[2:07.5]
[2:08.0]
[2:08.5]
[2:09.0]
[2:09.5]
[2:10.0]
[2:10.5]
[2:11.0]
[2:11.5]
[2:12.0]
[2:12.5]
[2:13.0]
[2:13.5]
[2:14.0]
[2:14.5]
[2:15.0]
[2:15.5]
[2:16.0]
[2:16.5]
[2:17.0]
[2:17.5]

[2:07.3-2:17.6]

Exercise description:
Retype every line of the data, keeping each one exactly as it is.

Final answer:
[2:07.5]
[2:08.0]
[2:08.5]
[2:09.0]
[2:09.5]
[2:10.0]
[2:10.5]
[2:11.0]
[2:11.5]
[2:12.0]
[2:12.5]
[2:13.0]
[2:13.5]
[2:14.0]
[2:14.5]
[2:15.0]
[2:15.5]
[2:16.0]
[2:16.5]
[2:17.0]
[2:17.5]

[2:07.3-2:17.6]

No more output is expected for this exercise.